Clubs, Plays, and Sports

       The purpose of school is to educate.  The old saying of "Reading, Writing, and Arithmetic" still holds today.  Textbooks and grades and homework and studying and writing reports; school is about academics and learning and growing intellectually.

       Still, every teacher and every researcher will tell you that students who are involved in extracurricular activities at their school will tend to do better on the academic side of schooling than students who are not involved.

       From elementary to middle (and certainly in high school), schools offer a wide array of groups for students to join from sports to clubs to music groups and even academic teams (!).  Joining a group in school gives students a chance to see and play with different students who share a common interest.  Sometimes students who struggle with the academics and who would otherwise avoid coming to school will have great attendance because they want to be involved in their club or team--and they like to see their friends from these groups during the day in school.

       Many teachers enjoy leading such groups for the same reason that students enjoy being a part of these groups.  It gives teachers a chance to see different students and their own students in a different light.  And it gives students a chance to see their teachers differently.  In the classroom there are strict rules of behavior.  In a group that meets before or after school, there are still rules of behavior, but it's different without the desks and the front board and the pens and pencils.

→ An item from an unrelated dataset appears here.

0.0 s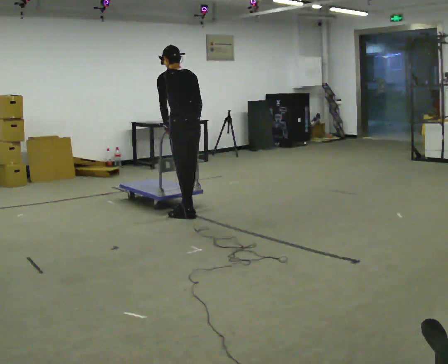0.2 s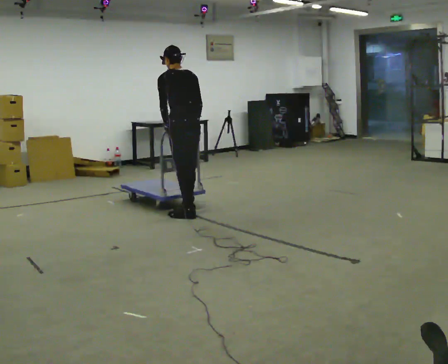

       Students who become involved in groups outside of the school day are still learning.  They are learning the soft-skills that are very necessary in the world of work as well as in the social world.  Here is a short list of some of the benefits for children:
- Time management and prioritization
- Getting involved in diverse interests
- Learning about long-term commitments
- Making a contribution
- Raising self-esteem

       School is a place of learning and we know that students (and adults) learn inside and outside of the classroom.  We want our children to have many experiences when they are young to help them to decide what they like, what they don't like, and what they may be interested in doing later in life.  Extracurricular activities teaches students that life isn't all about reading, writing, and arithmetic.  All activities are linked to all other activities in some way.

       So encourage your children to be part of clubs and groups--including groups outside of the school arena, such as scouting.  Some of their fondest memories will be about the times they spent in these groups.